Carson played drums on the psychobilly band Tiger Army's debut album Tiger Army. Bandmate Davey Havok and Rancid's Tim Armstrong also contributed backing vocals to the album. The album was released on October 26, 1999.

On September 19, 2000, AFI released The Art of Drowning, which debuted on the Billboard charts at number 174, and peaked at number 9 on the Heatseekers chart. It continued to touch base with the horror punk genre, but expanded into styles that were a departure from previous works. The album brought the band unprecedented success in the underground scene, selling in excess of 100,000 copies. "The Days of the Phoenix" was released as a single and video and had some moderate mainstream success, garnering the band more TV and radio airplay.

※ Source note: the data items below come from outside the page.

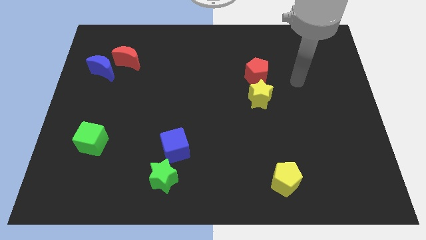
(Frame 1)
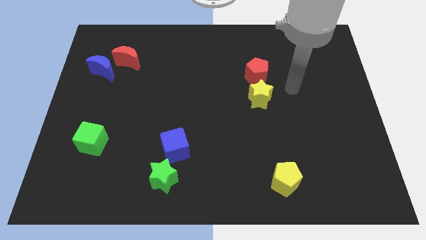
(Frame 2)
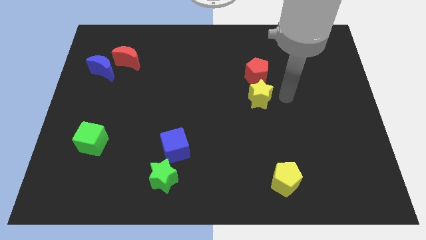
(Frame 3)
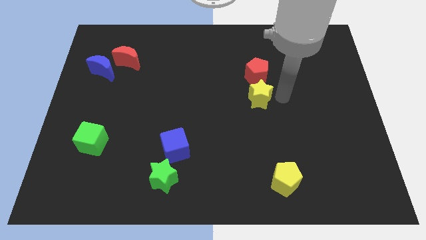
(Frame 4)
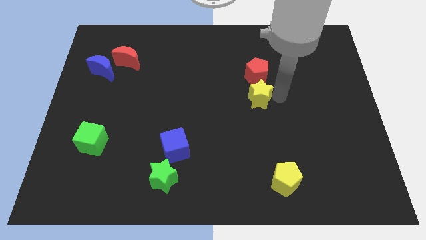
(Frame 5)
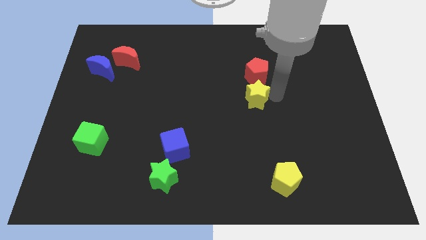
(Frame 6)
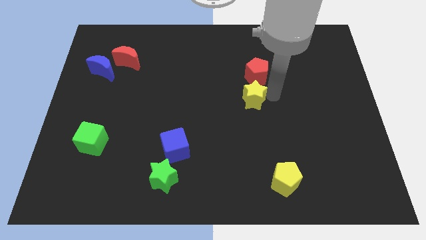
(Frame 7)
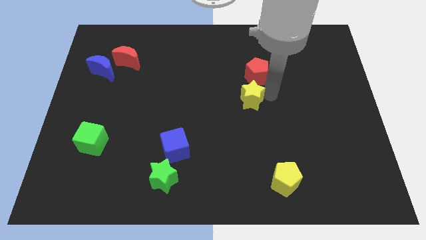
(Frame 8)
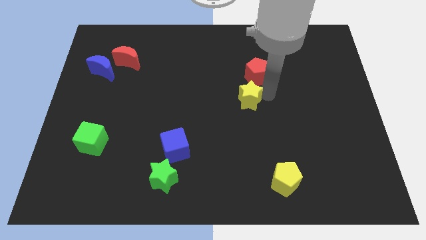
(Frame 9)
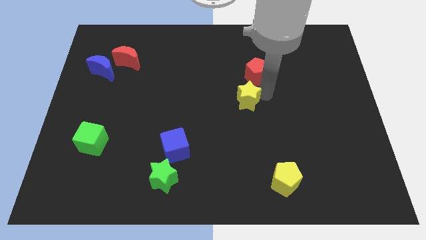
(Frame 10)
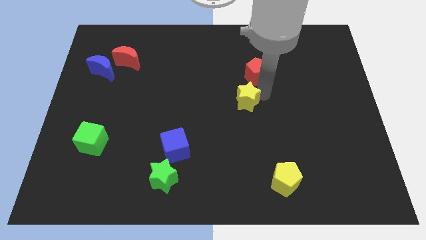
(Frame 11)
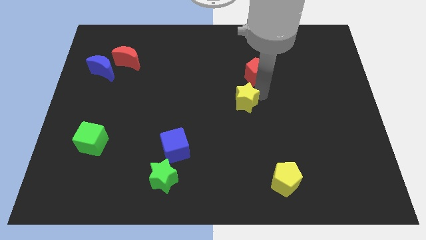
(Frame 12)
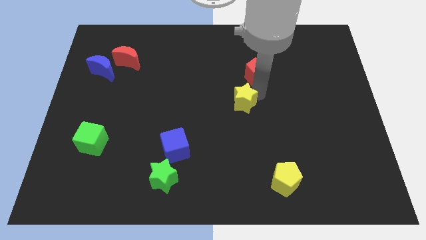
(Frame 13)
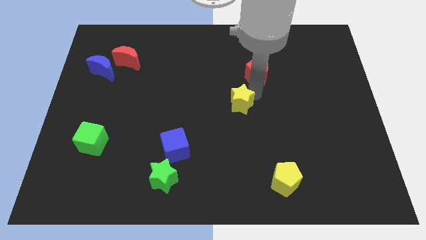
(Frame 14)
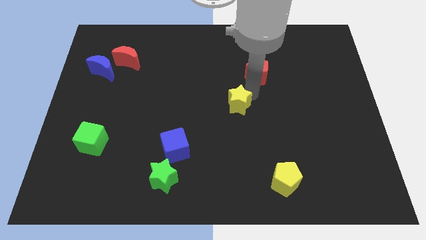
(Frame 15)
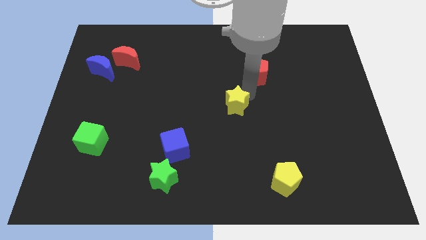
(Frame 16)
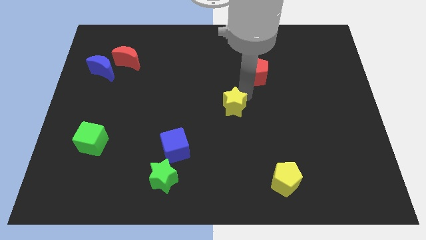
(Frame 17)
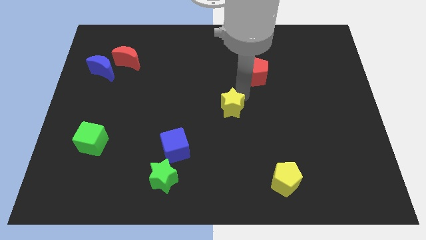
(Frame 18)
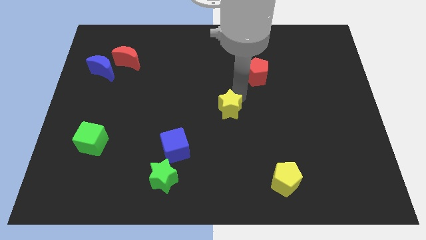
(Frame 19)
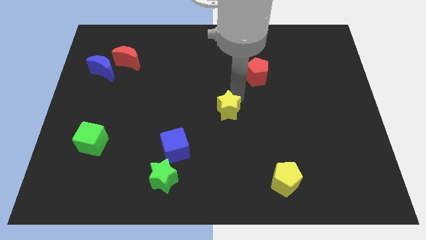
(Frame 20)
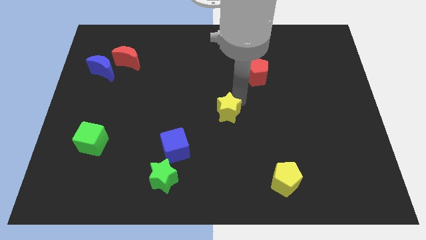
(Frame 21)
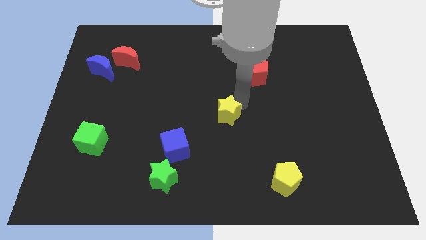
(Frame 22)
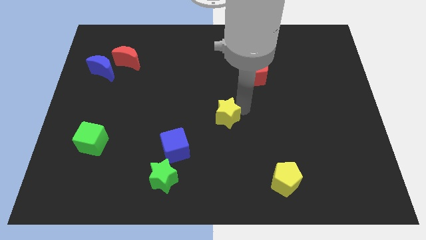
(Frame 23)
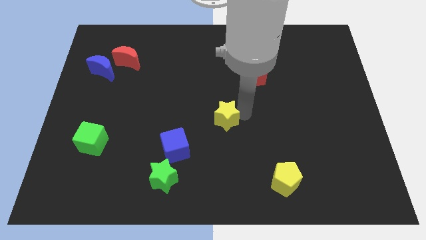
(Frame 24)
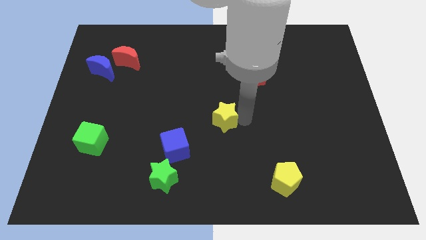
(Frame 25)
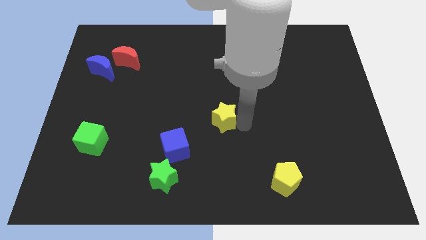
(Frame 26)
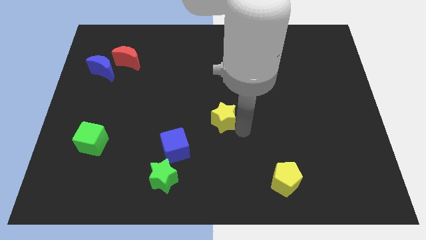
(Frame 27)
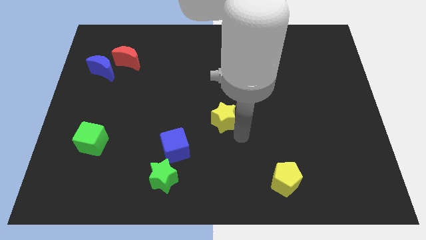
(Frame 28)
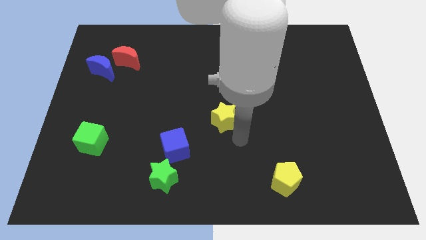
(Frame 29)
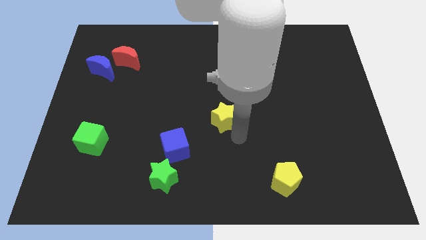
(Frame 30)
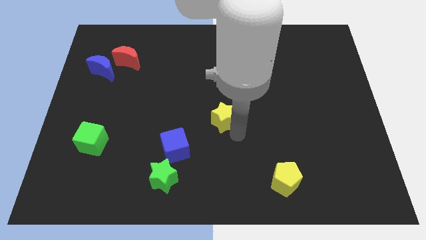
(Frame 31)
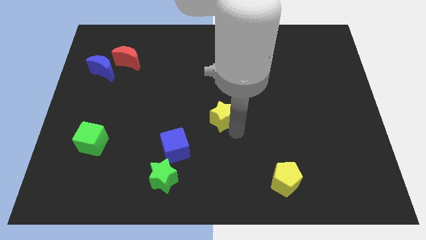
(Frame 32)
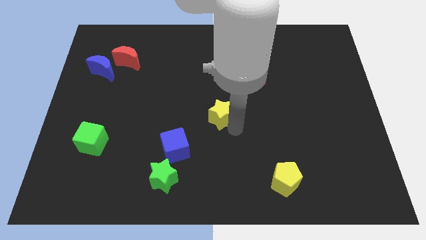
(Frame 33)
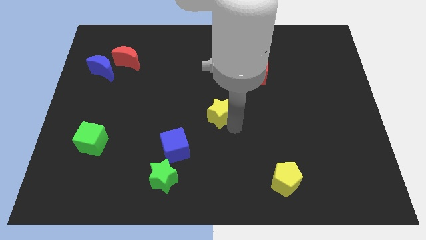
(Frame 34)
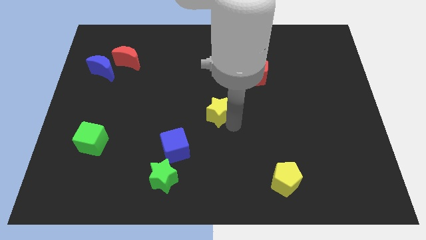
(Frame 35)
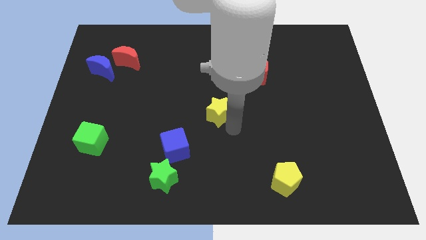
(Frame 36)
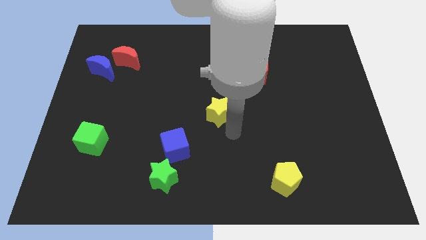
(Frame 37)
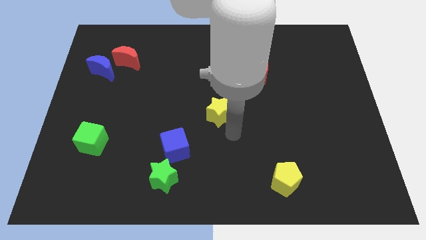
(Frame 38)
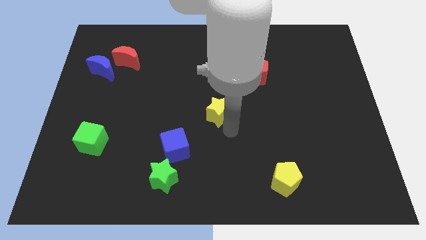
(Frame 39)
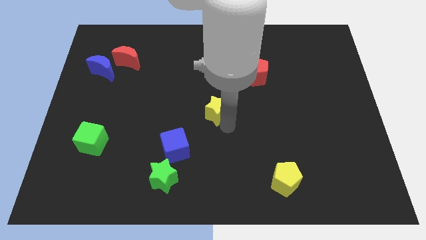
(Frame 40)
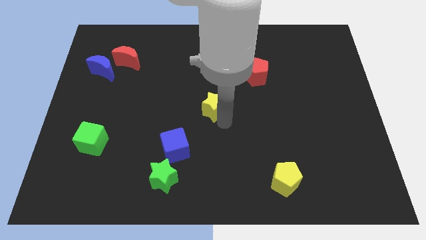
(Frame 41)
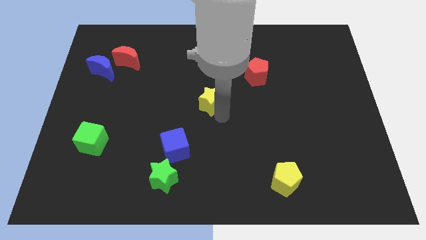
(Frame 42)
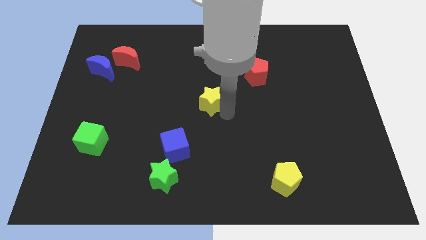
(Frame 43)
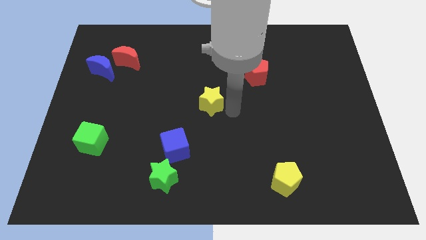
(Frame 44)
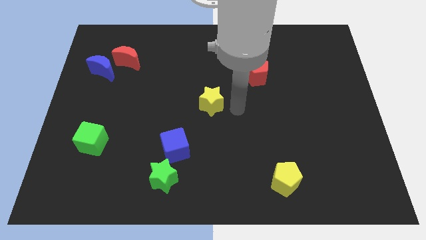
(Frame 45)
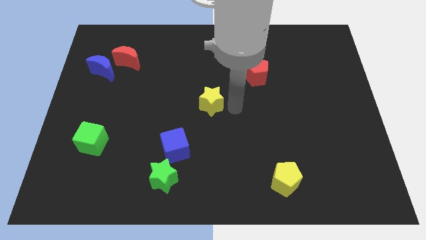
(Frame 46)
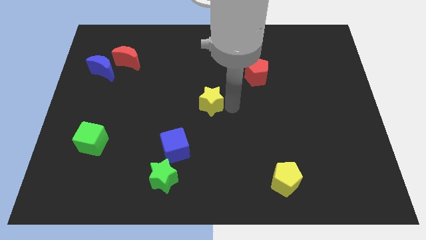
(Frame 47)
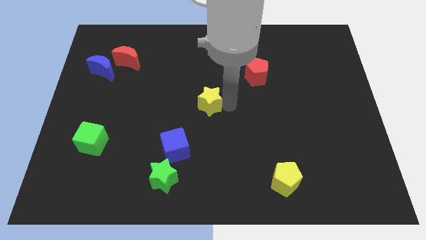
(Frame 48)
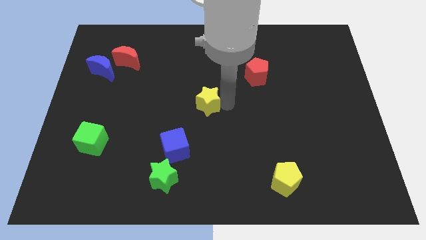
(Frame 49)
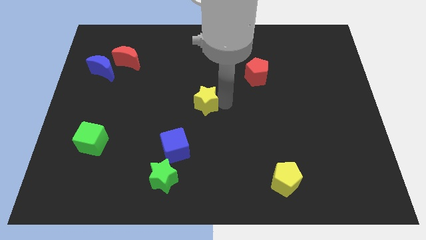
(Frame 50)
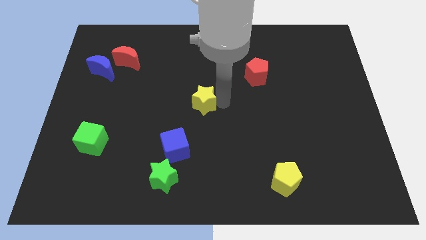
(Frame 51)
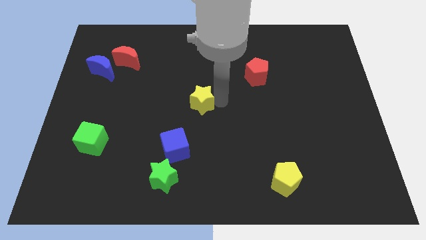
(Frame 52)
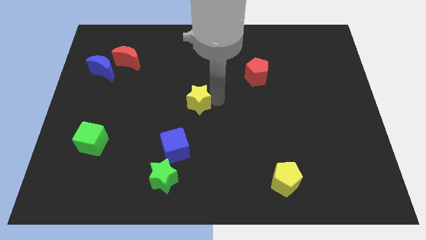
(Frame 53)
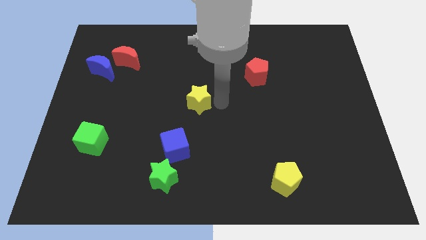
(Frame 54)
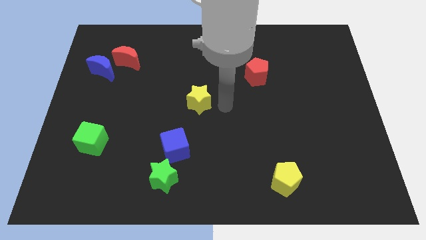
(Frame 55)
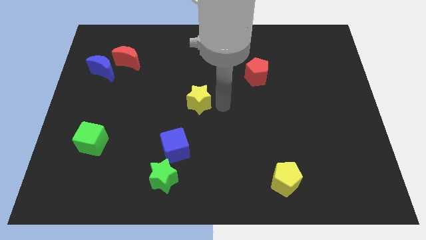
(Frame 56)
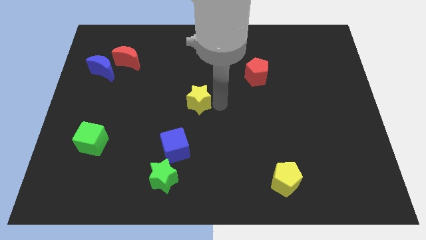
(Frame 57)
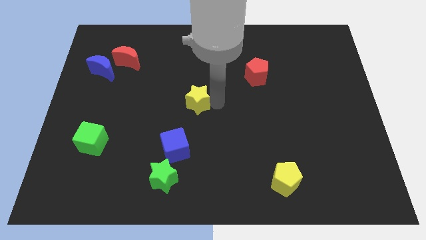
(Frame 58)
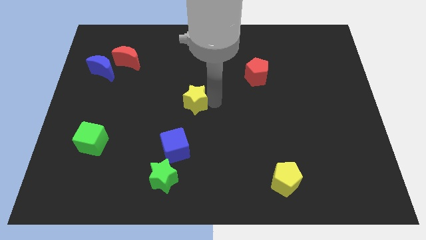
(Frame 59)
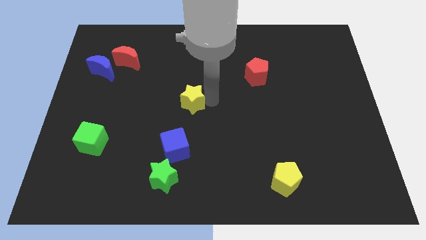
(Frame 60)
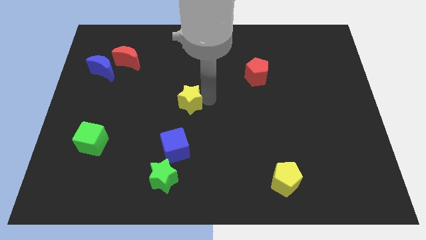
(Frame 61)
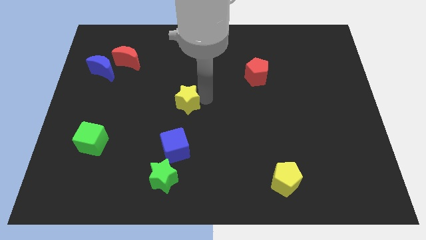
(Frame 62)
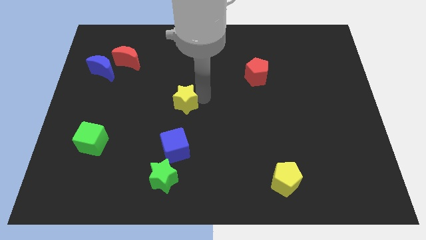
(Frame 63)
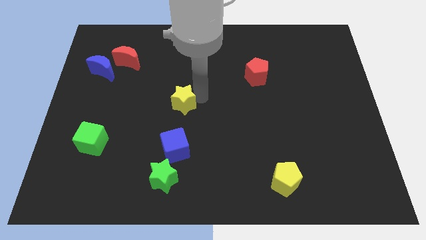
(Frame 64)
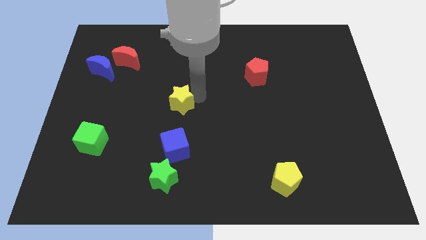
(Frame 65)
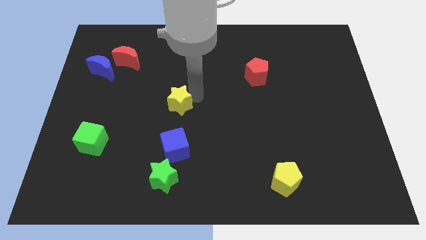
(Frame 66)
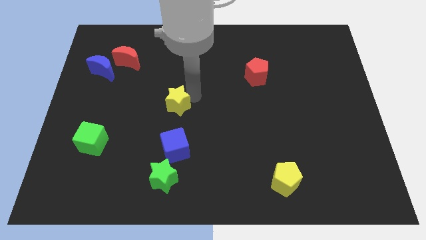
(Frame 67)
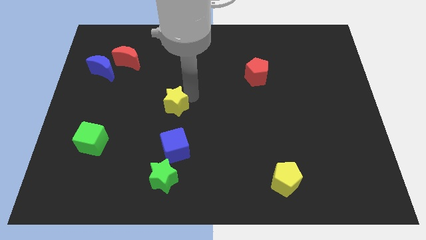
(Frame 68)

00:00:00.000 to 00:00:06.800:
move the yellow star to the left

In 2002, AFI left Nitro Records. A&R Luke Wood signed them to DreamWorks Records. Their first album for the label, Sing the Sorrow, was released in 2003. The songs "Girl's Not Grey", "The Leaving Song Pt. II", and "Silver and Cold" had some Billboard chart success and exposed the band to even larger audiences. They were nominated in the 2003 MTV Video Music Awards for the MTV2 award category for the "Girl's Not Grey" video, which came to be their first VMA.

In June 2006, AFI's seventh studio album, Decemberunderground, was released on Interscope Records. The album's first single "Miss Murder" reached No. 1 on the Billboard Modern Rock Charts. The release reflected the continually changing and growing fan base of the band, and the album debuted as No. 1 on the Billboard 200. The album has been certified Gold by the RIAA for sales of over 500,000 copies of the album.

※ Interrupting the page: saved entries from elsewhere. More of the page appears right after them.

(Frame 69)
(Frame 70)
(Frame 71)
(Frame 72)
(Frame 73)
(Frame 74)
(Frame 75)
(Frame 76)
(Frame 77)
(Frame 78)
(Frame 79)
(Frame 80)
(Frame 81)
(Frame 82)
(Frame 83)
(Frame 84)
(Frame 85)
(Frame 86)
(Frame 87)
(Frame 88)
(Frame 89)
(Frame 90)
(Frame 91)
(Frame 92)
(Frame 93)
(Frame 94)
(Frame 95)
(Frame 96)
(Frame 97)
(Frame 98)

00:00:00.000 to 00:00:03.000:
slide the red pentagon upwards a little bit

AFI's eighth album, Crash Love, was released on September 29, 2009. The first single from the album, "Medicate", was released on August 25, 2009, and reached No. 7 on the Billboard Alternative Songs Chart. The album yielded a second single, "Beautiful Thieves", which peaked at No. 23. The album was very well received by critics.

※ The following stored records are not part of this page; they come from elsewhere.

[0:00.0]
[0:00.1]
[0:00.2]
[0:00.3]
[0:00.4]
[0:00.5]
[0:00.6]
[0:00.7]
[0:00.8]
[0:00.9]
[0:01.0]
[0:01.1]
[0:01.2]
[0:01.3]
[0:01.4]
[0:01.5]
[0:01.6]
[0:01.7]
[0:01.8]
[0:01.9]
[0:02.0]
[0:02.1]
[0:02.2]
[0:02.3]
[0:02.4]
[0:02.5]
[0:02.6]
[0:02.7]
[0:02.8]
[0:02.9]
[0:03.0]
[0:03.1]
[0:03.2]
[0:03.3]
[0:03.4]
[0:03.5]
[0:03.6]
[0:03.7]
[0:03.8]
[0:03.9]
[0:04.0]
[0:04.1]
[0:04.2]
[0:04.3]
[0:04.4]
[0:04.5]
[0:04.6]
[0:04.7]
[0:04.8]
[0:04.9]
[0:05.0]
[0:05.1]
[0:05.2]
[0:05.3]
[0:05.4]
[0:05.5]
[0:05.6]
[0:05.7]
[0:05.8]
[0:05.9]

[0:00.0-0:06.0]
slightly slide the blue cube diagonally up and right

AFI's ninth studio album, Burials, was released on October 22, 2013. The album's first single, "I Hope You Suffer" was released July 22, 2013, followed by the release of the album's second single, "17 Crimes" on August 6, 2013.

Carson is involved in a new band called The Reckless Kind (formed in 2011), described as "A 5 piece, heavy soul band." They recently finished recording their debut album, and have played several shows.

==Equipment==
The following is the complete list of Adam Carson's equipment, as found on AFI News Headquarters

Drums and hardware
- Drum Workshop

Toms (depth x width)
- 18" x 24" bass drum
- 9" x 12" rack tom
- 14" x 16" floor tom
- 16" x 18" floor tom

Snares (depth x width)
- 6.5″ x 14″ Pork Pie (Brass)
- 5.5″ x 14″ Ayotte "Keplinger" (Steel)
- 5.5″ x 14″ Ludwig "Black Beauty" (Brass)
- 6.5″ x 14″ Legend (Maple)

Sticks
- Vater "Power" 5B (primarily)

Cymbals
- 22″ Zildjian A Custom Ping Ride
- 22″ Zildjian Z Custom Power Ride
- 22″ Zildjian A Ride
- 14″ Zildjian Rock Hi-Hats
- 15″ Zildjian K Bottom
- 15″ Zildjian Quickbeat Bottom Hi-Hat Combo

Drum heads
- Remo coated Emperors (toms and snares)
- Remo Powerstroke III (bass drum)

==Discography==

===With AFI===

Studio albums
- Answer That and Stay Fashionable (1995)
- Very Proud of Ya (1996)
- Shut Your Mouth and Open Your Eyes (1997)
- Black Sails in the Sunset (1999)
- The Art of Drowning (2000)
- Sing the Sorrow (2003)
- Decemberunderground (2006)
- Crash Love (2009)
- Burials (2013)
- AFI (2017)
- Bodies (2021)
- Silver Bleeds the Black Sun... (2025)

===With Tiger Army===
- Tiger Army (October 26, 1999, Hellcat Records)
- Early Years EP (October 8, 2002, Hellcat Records)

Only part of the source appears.